In fact, the U.S. has repeatedly offered to sell the Patriot system to Turkey since 2013, but Erdogan has sought a transfer of technology with the deal so that he can develop and produce his own missiles. The U.S. has declined.

U.S. officials have privately expressed frustration that the president’s approach is complicating their ability to squeeze concessions from Turkey and get Erdogan to give up on the Russian S-400 system. But Erdogan has calculated that Trump will quash any effort by the administration or Congress to sanction Ankara if he goes ahead with the purchase.
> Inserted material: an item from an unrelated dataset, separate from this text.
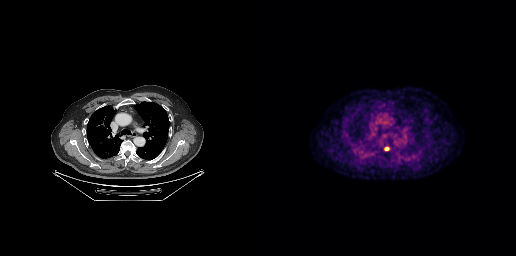
modality: PSMA PET/CT | tracer: [18F]PSMA-1007 | view: axial | PET grid: 256×256
Coordinates are on the 256×256 PET (right) panel. Small PSMA-avid focus (2 to 4 px across) near (center x, center y): (126, 148).

Asked repeatedly in a meeting with Erdogan if he’d proceed with the sanctions, Trump didn’t answer directly. “We’re looking at it,” he said.

‘Catastrophic mistake’

Congress will almost certainly resist. Even some of Trump’s stalwart allies appeared queasy with his approach at the G-20. They included Florida Senator Marco Rubio, who criticized the president for concessions to China’s Huawei Technologies Co. as Washington and Beijing press forward with trade talks.

“If President Trump has agreed to reverse recent sanctions against #Huawei he has made a catastrophic mistake,” Rubio said in a tweet. “It will destroy the credibility of his administration’s warnings about the threat posed by the company, no one will ever again take them seriously.”

Read more: Trump’s DMZ Summit Shows How Little Kim Has Conceded on Nukes

One strongman not at the event also enjoyed Trump’s affirmation. Before leaving the G-20 for a stop in South Korea, Trump offered to meet Kim at the DMZ, apparently for the sheer spectacle. After their sit down on Sunday, Trump announced the resumption of talks over North Korea’s nuclear program.

North Korean leaders have craved a meeting with a U.S. leader for decades to legitimize their own rule and, obliquely, their nuclear ambitions. Trump’s sit-down with Kim was their third, even though there’s been no progress for months in convincing Pyongyang to relinquish its arsenal.

“We are tying to work it out,” Trump said. “A handshake means a lot.”